Start of Entries provided

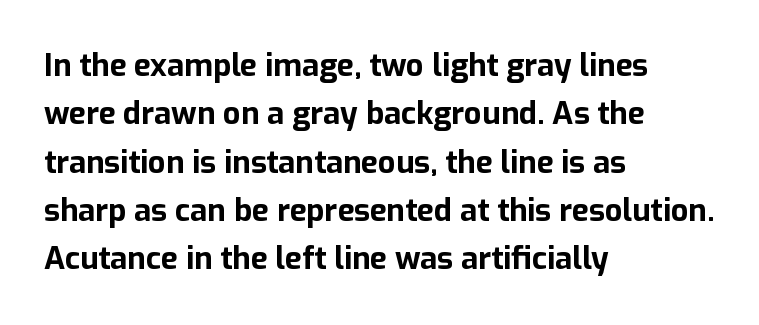
Is this a sans? Yes — the strokes have no serifs. Which margin do the lines hug? The left one — the right edge is uneven. Look at the tracking — it's just the regular setting, nothing added. Has an underline been added? It has not. Each glyph is drawn with heavy, bold strokes. Tall strokes in this sample are plumb rather than angled.
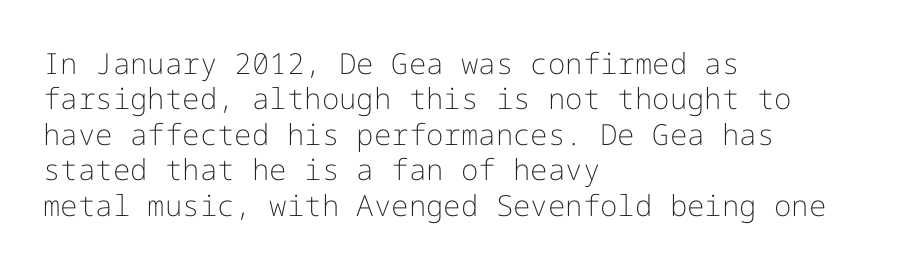
Q: Is the text bold? A: No.
Q: Is the text italic (slanted)? A: No, it is upright.
Q: Is the typeface a serif or a sans-serif typeface? A: Sans-serif.
Q: Is the text underlined? A: No.
Q: How is the paragraph aligned? A: Left-aligned.
Q: Is the spacing between letters normal or unusually wide? A: Normal.
Q: Width (condensed, normal, or wide)? A: Normal.
Q: Stroke contrast? A: Low.
Q: x-height? A: Medium.
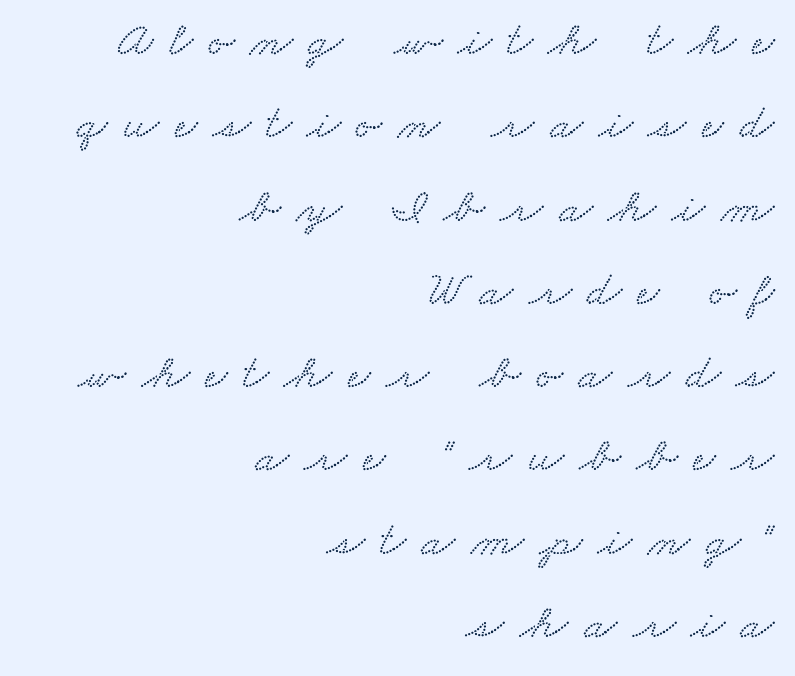
The space between consecutive lines is moderate. The font family rendered here belongs to the serif group. Here the designer chose a conventional face with non-uniform glyph widths. Just letters on the line, the space beneath them empty.
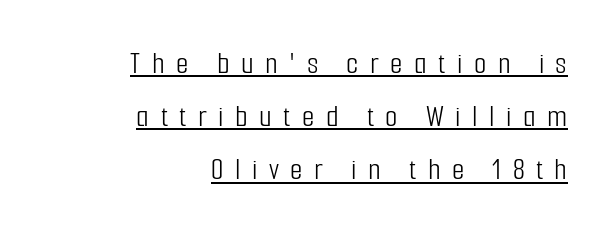
The image shows 32 px light, condensed sans-serif type, upright; set right-aligned, normal line spacing (1.66x), unusually wide letter spacing (+0.36 em), underlined; low stroke contrast and a medium x-height.
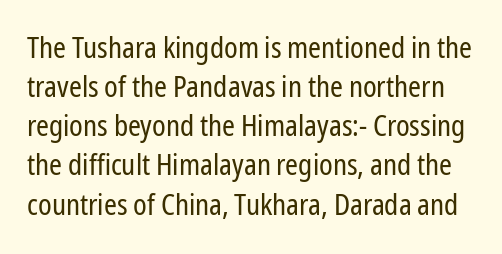
{"serif": "no", "italic": "no", "bold": "no", "weight": "regular", "width": "condensed", "stroke_contrast": "low", "x_height": "medium", "monospaced": "no", "underline": "no", "line_spacing": "normal", "line_spacing_ratio": 1.35, "letter_spacing": "normal", "letter_spacing_em": 0.0, "glyph_px": 29}
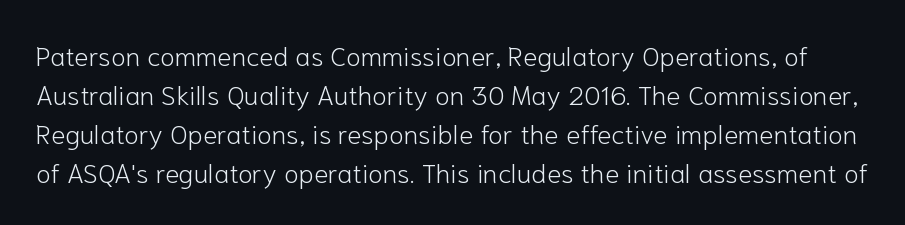
The image shows 27 px text type, upright; set normal line spacing (1.44x), normal letter spacing, not underlined.
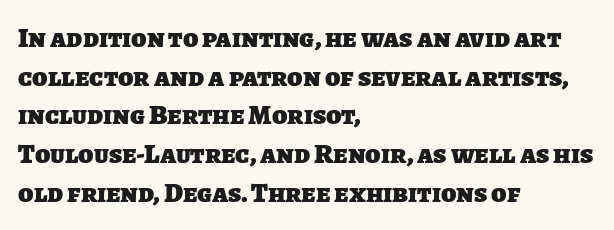
Between one letter and the next there's only the usual sliver of space. Note the varied advance widths — an 'i' is clearly narrower than an 'm'. The space directly below the letters is spotless. The rendering shows plain stroke endings on the letterforms — a sans-serif design.
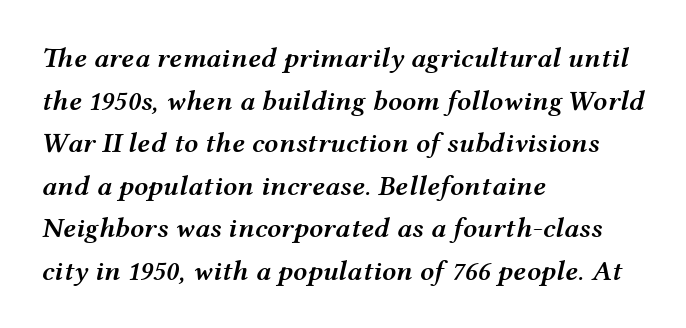
{"italic": "yes", "lean": "right", "slant_degrees": 12, "bold": "semi", "weight": "semibold", "width": "wide", "stroke_contrast": "medium", "x_height": "medium", "monospaced": "no", "underline": "no", "align": "left", "line_spacing": "normal", "line_spacing_ratio": 1.52, "letter_spacing": "normal", "letter_spacing_em": 0.0, "glyph_px": 28}
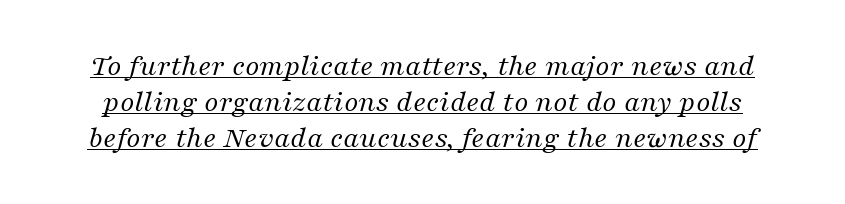
The image shows 31 px regular-weight serif type, italic (leaning right); set line spacing 1.16x, normal letter spacing, underlined; medium stroke contrast and a medium x-height.
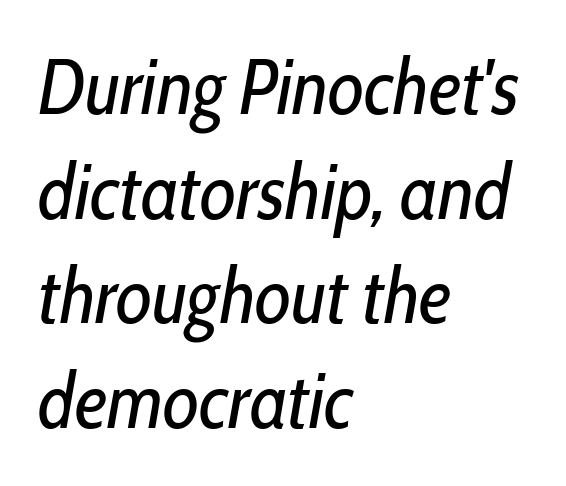
The passage shown is not bold in any degree. The lines are quadded left. A typesetter would mark this as italic. Horizontal bands of white between lines are of average thickness.
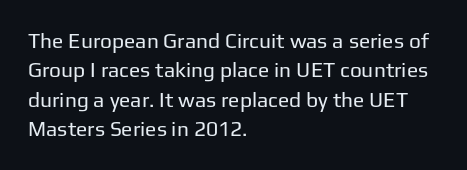
{"italic": "no", "bold": "no", "underline": "no", "align": "left", "line_spacing": "normal", "line_spacing_ratio": 1.4, "letter_spacing": "normal", "letter_spacing_em": 0.0, "glyph_px": 21}
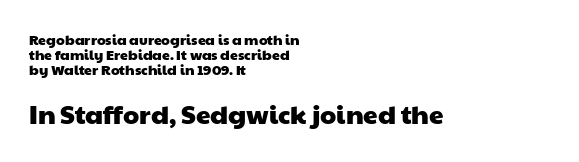
{"underline": "no", "align": "left", "line_spacing": "tight", "line_spacing_ratio": 1.08, "letter_spacing": "normal", "letter_spacing_em": 0.0, "larger_block": "second", "size_ratio": 1.86, "glyph_px": 26}
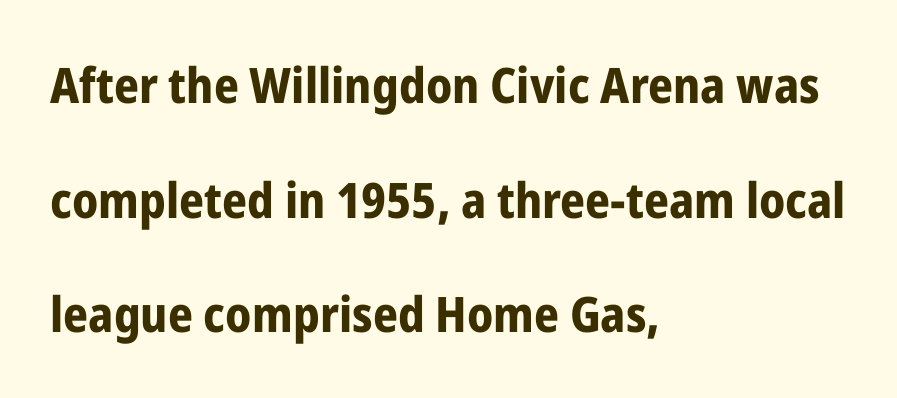
Has an underline been added? It has not. This sample trades compactness for vertical openness between lines. Ascenders rise straight up at ninety degrees. Students, this is bold: see how much ink each stroke carries. Character widths vary here, with narrow letters taking less room than wide ones.
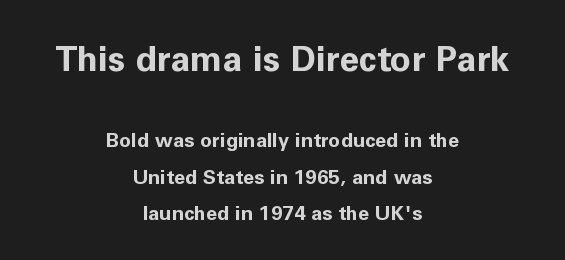
{"serif": "no", "italic": "no", "bold": "yes", "weight": "bold", "width": "normal", "stroke_contrast": "low", "x_height": "medium", "monospaced": "no", "underline": "no", "align": "center", "line_spacing_ratio": 1.83, "letter_spacing": "normal", "letter_spacing_em": 0.0, "larger_block": "first", "size_ratio": 1.75, "glyph_px": 35}
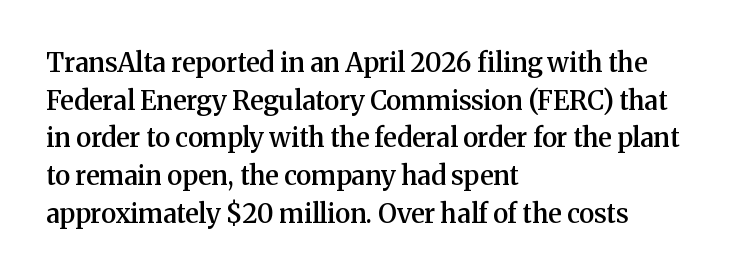
Reading down the column, the eye jumps a familiar distance to each next line. How are the letters spaced? Ordinarily, with no added tracking. The text block is weighted toward the left margin, trailing off unevenly rightward. The letters stand upright; this is a roman face.
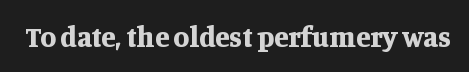
Q: Is the text bold? A: Yes.
Q: Is the text italic (slanted)? A: No, it is upright.
Q: Is the typeface a serif or a sans-serif typeface? A: Serif.
Q: Is the text underlined? A: No.
Q: Is the spacing between letters normal or unusually wide? A: Normal.
Q: Width (condensed, normal, or wide)? A: Normal.
Q: Stroke contrast? A: Medium.
Q: x-height? A: Large.
Q: Monospaced? A: No.
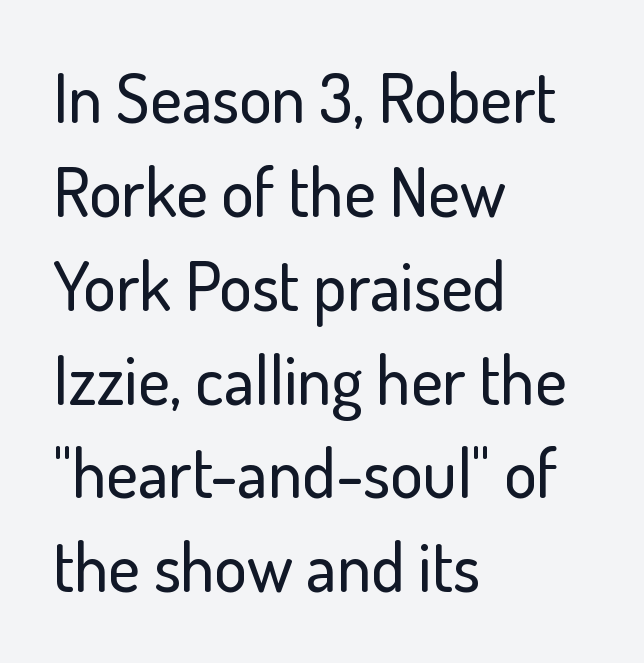
Q: Is the text italic (slanted)? A: No, it is upright.
Q: Is the typeface a serif or a sans-serif typeface? A: Sans-serif.
Q: Is the text underlined? A: No.
Q: How is the paragraph aligned? A: Left-aligned.
Q: Is the spacing between letters normal or unusually wide? A: Normal.
Q: Is the spacing between lines tight, normal or loose? A: Normal.
Q: Width (condensed, normal, or wide)? A: Normal.
Q: Stroke contrast? A: Low.
Q: x-height? A: Small.
Q: Monospaced? A: No.
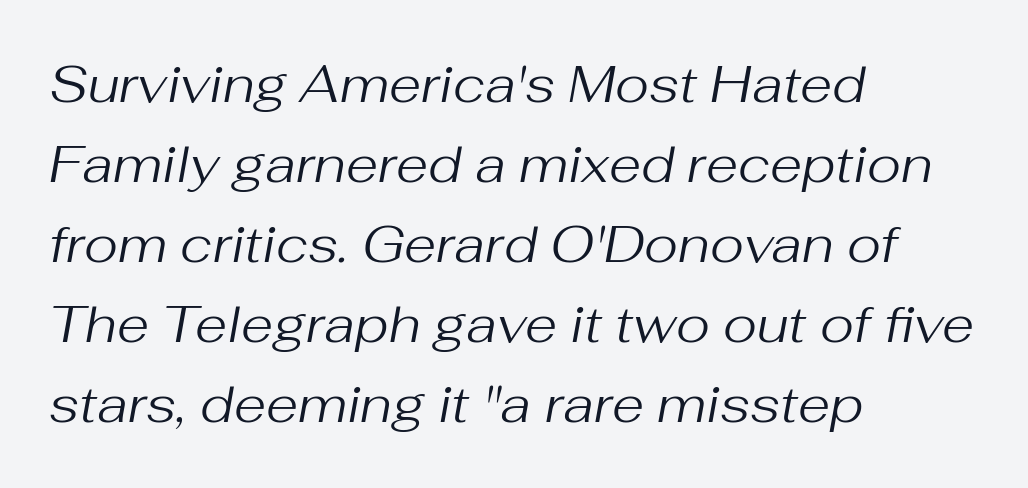
{"italic": "yes", "lean": "right", "slant_degrees": 10, "bold": "no", "weight": "regular", "width": "normal", "stroke_contrast": "medium", "x_height": "medium", "monospaced": "no", "underline": "no", "align": "left", "line_spacing": "normal", "line_spacing_ratio": 1.54, "letter_spacing": "normal", "letter_spacing_em": 0.0, "glyph_px": 52}
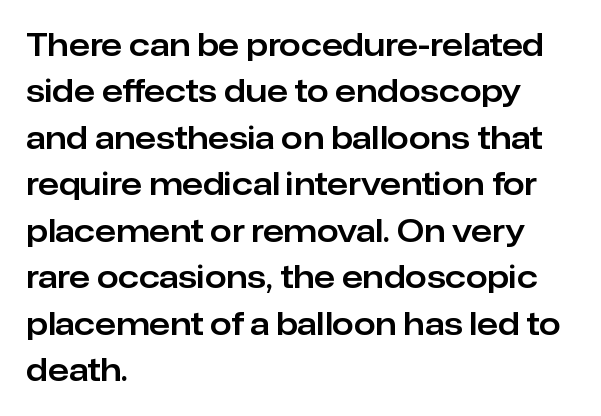
{"serif": "no", "italic": "no", "width": "normal", "stroke_contrast": "low", "x_height": "medium", "monospaced": "no", "underline": "no", "align": "left", "line_spacing": "normal", "line_spacing_ratio": 1.5, "letter_spacing": "normal", "letter_spacing_em": 0.0, "glyph_px": 31}
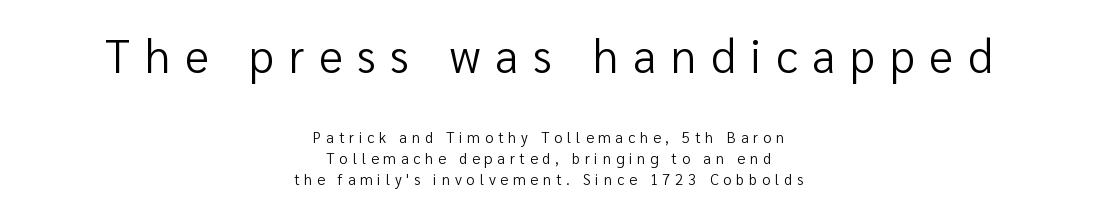
{"serif": "no", "italic": "no", "bold": "no", "weight": "regular", "width": "normal", "stroke_contrast": "low", "x_height": "medium", "monospaced": "no", "underline": "no", "align": "center", "line_spacing": "normal", "line_spacing_ratio": 1.43, "letter_spacing": "wide", "letter_spacing_em": 0.32, "larger_block": "first", "size_ratio": 3.07, "glyph_px": 46}
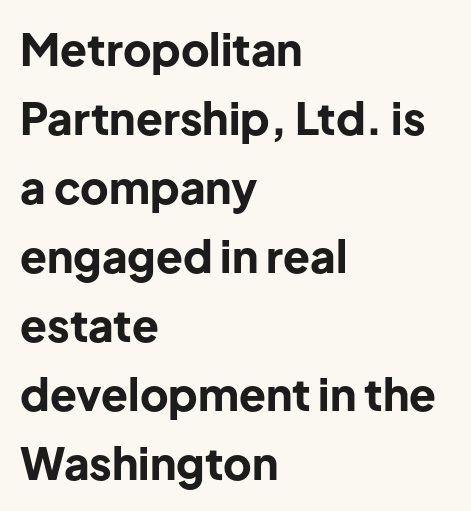
Is there much room between lines? A standard amount, neither cramped nor airy. Grotesque or geometric, the face here clearly has no serifs. The letters advance in unequal steps, a hallmark of proportional type. The paragraph has a hard left edge and a soft right edge. The passage shown is not underscored anywhere.
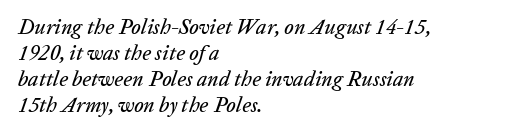
Q: Is the text italic (slanted)? A: Yes, it leans right by about 20 degrees.
Q: Is the text underlined? A: No.
Q: How is the paragraph aligned? A: Left-aligned.
Q: Is the spacing between letters normal or unusually wide? A: Normal.
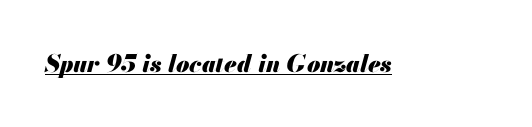
How are the letters spaced? Ordinarily, with no added tracking. The lettering is marked with a stroke running underneath it. The face used here has a pronounced slope to its letters. Thick stems and heavy bowls — unmistakably bold.
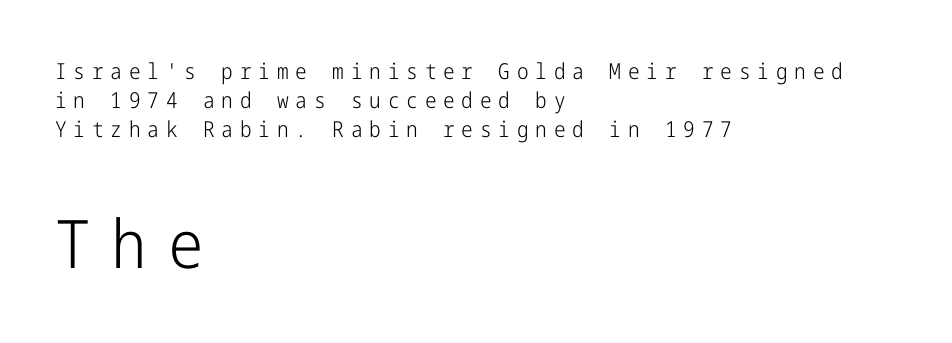
{"serif": "no", "italic": "no", "bold": "no", "weight": "light", "width": "condensed", "stroke_contrast": "low", "x_height": "medium", "underline": "no", "align": "left", "line_spacing": "normal", "line_spacing_ratio": 1.32, "letter_spacing": "wide", "letter_spacing_em": 0.31, "larger_block": "second", "size_ratio": 3.05, "glyph_px": 67}

End of Entries provided

> What you are asked to do: Each line of the entries above that contains "there" is to be copied.

> Written reply:
Between one letter and the next there's only the usual sliver of space. Note the varied advance widths — an 'i' is clearly narrower than an 'm'. The space directly below the letters is spotless. The rendering shows plain stroke endings on the letterforms — a sans-serif design.
Is there much room between lines? A standard amount, neither cramped nor airy. Grotesque or geometric, the face here clearly has no serifs. The letters advance in unequal steps, a hallmark of proportional type. The paragraph has a hard left edge and a soft right edge. The passage shown is not underscored anywhere.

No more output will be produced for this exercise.